Jan Hempel (51) bei den Olympischen Sommerspielen in Sydney 2000. Bereits damals soll der DSV vom sexuellen Missbrauch gewusst haben. 
Jan Hempel (51) bei den Olympischen Sommerspielen in Sydney 2000. Bereits damals soll der DSV vom sexuellen Missbrauch gewusst haben.  Stefan Hesse/dpa

14 Jahre lang soll Jan Hempel von seinem damaligen Trainer missbraucht worden sein. Der Dresdner gehörte zur absoluten Weltspitze im Wasserspringen, glauben wollte ihm dennoch niemand. Jetzt klagt er mithilfe von Thomas Summerer, Anwalt der Eisschnellläuferin Claudia Pechstein, gegen den Deutschen Schwimm-Verband (DSV) auf Schadensersatz in Millionenhöhe. Ein Präzedenzfall mit unabsehbaren Folgen für den gesamten deutschen Sport.

Wie sehr Jan Hempel damals gelitten hat, lässt sich nicht mal ansatzweise erahnen. 1200 – so viele sexuelle Übergriffe lastet Hempel seinem Trainer Werner Langer an. 

Jan Hempel soll dem DSV vom sexuellen Missbrauch erzählt haben

Der viermalige Europameister und Olympia-Silbermedaillengewinner von 1996 will sich derzeit nicht äußern. Dafür spricht sein Anwalt. Summerer, der seit Jahren für Eisschnellläuferin Claudia Pechstein um Schadensersatz nach einer angeblich ungerechtfertigten Dopingsperre kämpft, kündigt gegenüber der „Sportschau“ an: „Wir ziehen das durch, und wenn es zehn Jahre dauert.“

Die beiden deutschen Wasserspringer Heiko Meyer (l.) und Jan Hempel bei den Olympischen Spielen im australischen Sydney im Jahr 2000. 
Die beiden deutschen Wasserspringer Heiko Meyer (l.) und Jan Hempel bei den Olympischen Spielen im australischen Sydney im Jahr 2000.  Stefan Hesse/dpa

Sportrechtler Summerer bezeichnet den Leidensweg seines Mandanten in den 1980er- und 1990er-Jahren als den „krassesten Missbrauchsfall, den der deutsche Sport je erlebt hat“. Die Verbandsspitze hatte Hempel nach eigener Darstellung 1997 zu den Vorgängen unterrichtet. Unter anderem soll er während der Sommerspiele in Barcelona 1992 sexuell missbraucht worden sein. 

Pechstein-Anwalt Summerer hilft Hempel bei Millionenklage gegen den DSV

Für Hempels Anwalt ist klar: „Die Organisation Deutscher Schwimm-Verband hat völlig versagt in der Überwachung und in der Kontrolle seiner Trainer.
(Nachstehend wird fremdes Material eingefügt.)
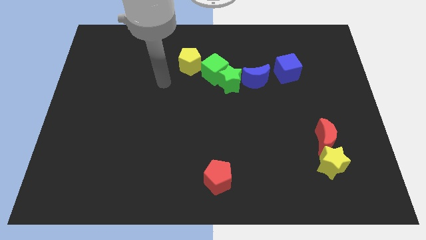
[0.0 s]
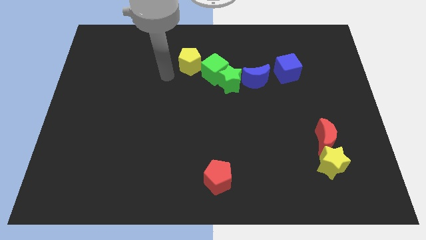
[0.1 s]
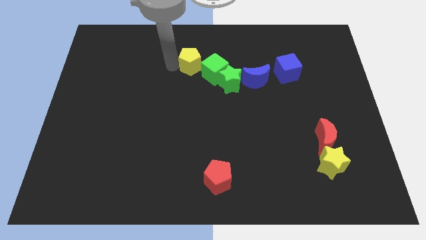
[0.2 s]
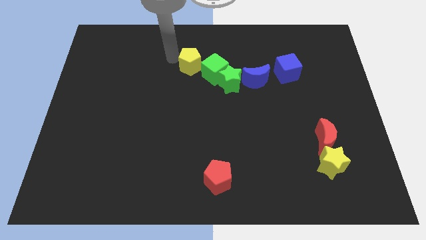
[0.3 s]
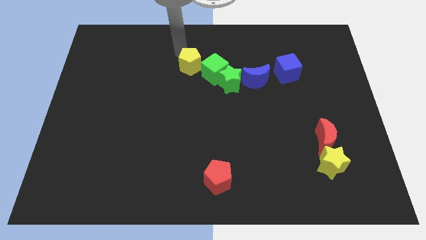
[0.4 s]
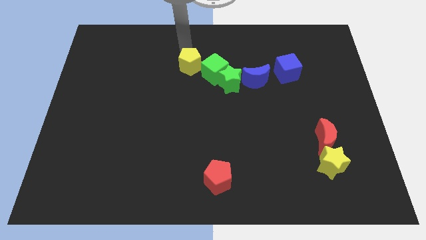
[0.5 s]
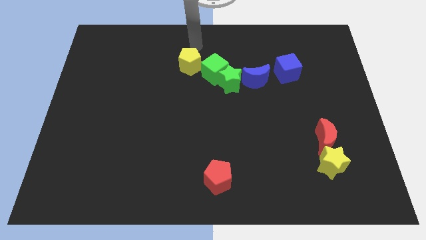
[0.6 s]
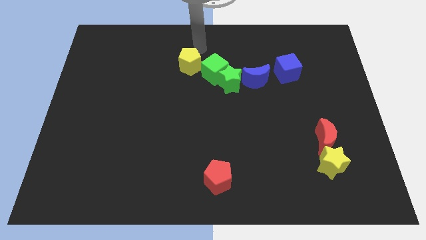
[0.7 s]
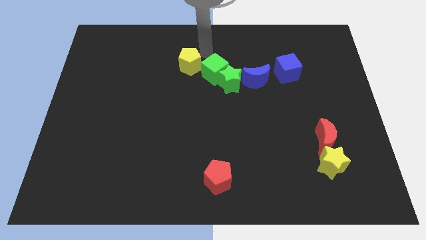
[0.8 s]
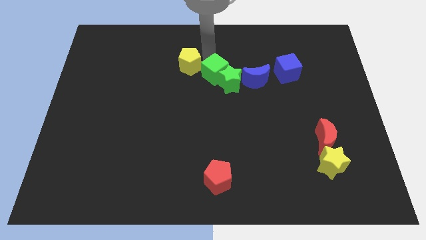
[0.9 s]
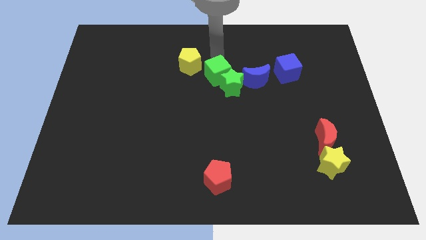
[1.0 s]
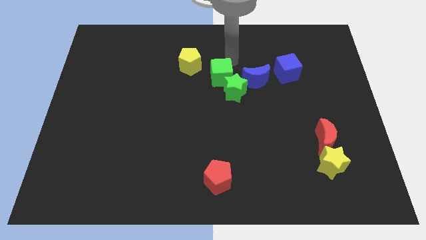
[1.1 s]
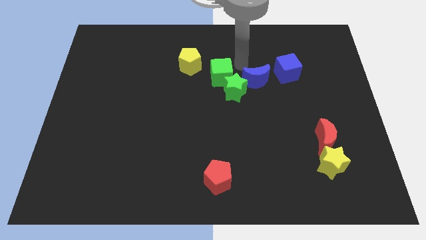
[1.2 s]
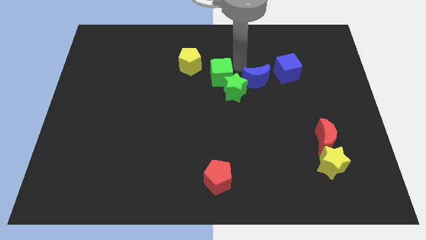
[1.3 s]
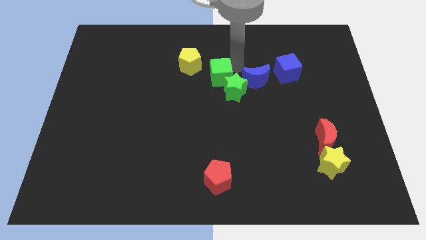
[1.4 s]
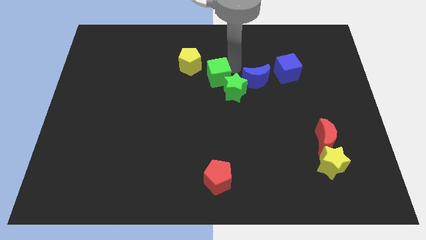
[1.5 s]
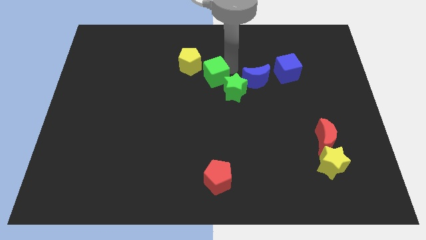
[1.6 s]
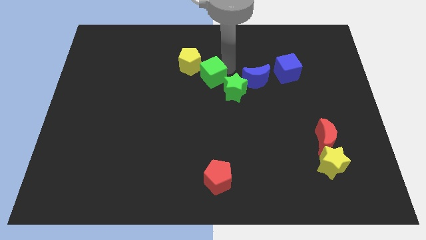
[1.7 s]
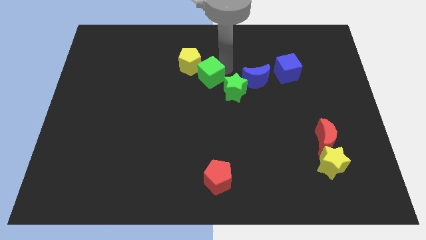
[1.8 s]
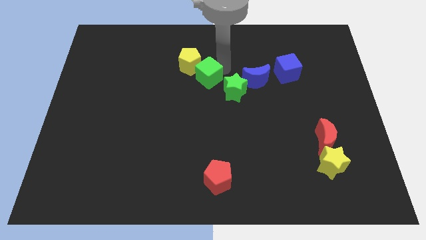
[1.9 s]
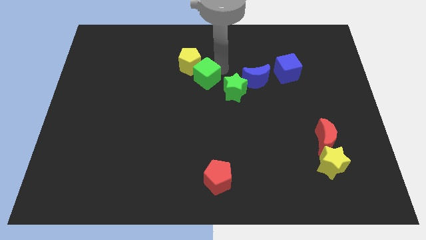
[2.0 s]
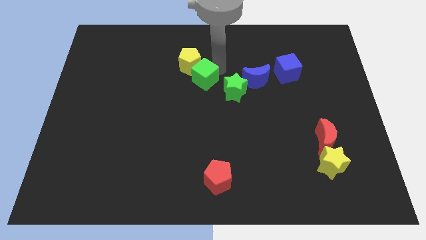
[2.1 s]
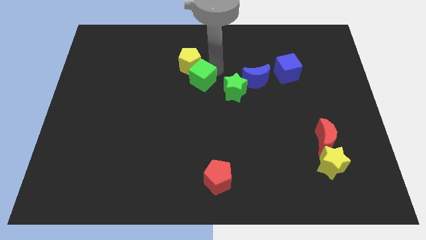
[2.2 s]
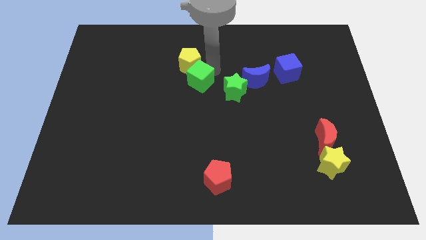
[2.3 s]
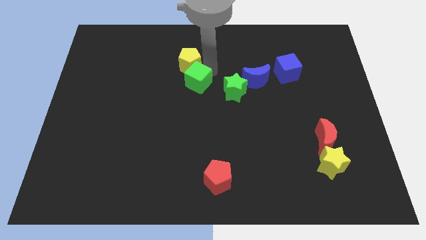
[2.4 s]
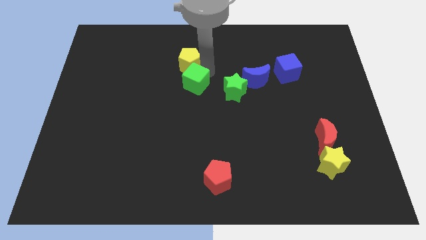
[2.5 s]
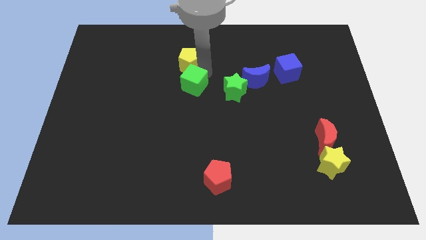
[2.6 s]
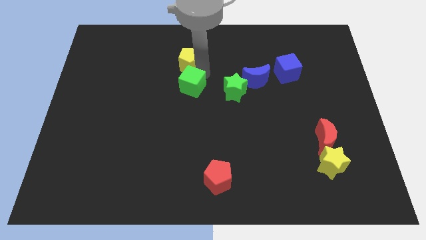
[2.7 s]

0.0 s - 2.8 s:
slightly push the green cube diagonally downwards and to the left

Es gab nur Vertuschung. Dieses Organisationsverschulden führt dazu, dass ein Verband haftet.“

Jan Hempel und Familie bei seinem Karriereende 2003 in Dresden in der Sprunghalle am Freiberger Platz. 
Jan Hempel und Familie bei seinem Karriereende 2003 in Dresden in der Sprunghalle am Freiberger Platz.  C3 Pictures/imago

Sollte das Landgericht in Kassel (Sitz des DSV) oder Dresden (zuständig für Hempels Heimatort Meißen) dieser Auffassung folgen, droht dem DSV und vielen weiteren Sportverbänden womöglich existenzielles Ungemach. Hempel, mittlerweile 51 Jahre alt, könnte unzähligen missbrauchten Athletinnen und Athleten den Weg ebnen, künftig vor Gericht um Entschädigung zu kämpfen. Beklagte wären nicht Täter – Hempels Trainer Werner Langer ist seit Langem verstorben –, sondern die jeweiligen Verbände.

Sexueller Missbrauch: Haftet der Verband für seine Trainer?

Es ist ein Präzedenzfall. Hempels Anwalt sieht dabei Parallelen zu Missbrauchsfällen in der katholischen Kirche. Deutsche Diözesen und Bistümer müssen sich momentan erstmals mit Klagen wegen Organisationsverschulden auseinandersetzen. Abgeschlossen ist noch keine davon.

Der DSV richtete erst vor Kurzem eine Kommission ein, die Hempels Fall, der in der ARD-Doku „Missbraucht“ im Sommer 2022 öffentlich gemacht wurde, und weitere Anschuldigungen bezüglich sexueller Übergriffe aufarbeiten soll. Gleichzeitig lehnt der Verband finanzielle Ausgleichszahlungen an geschädigte Einzelpersonen grundsätzlich ab.

Die Verhandlungen über eine außergerichtliche Einigung hat Summerer abgebrochen. Er sei, so sagt er, „auf ein Schweigekartell gestoßen“.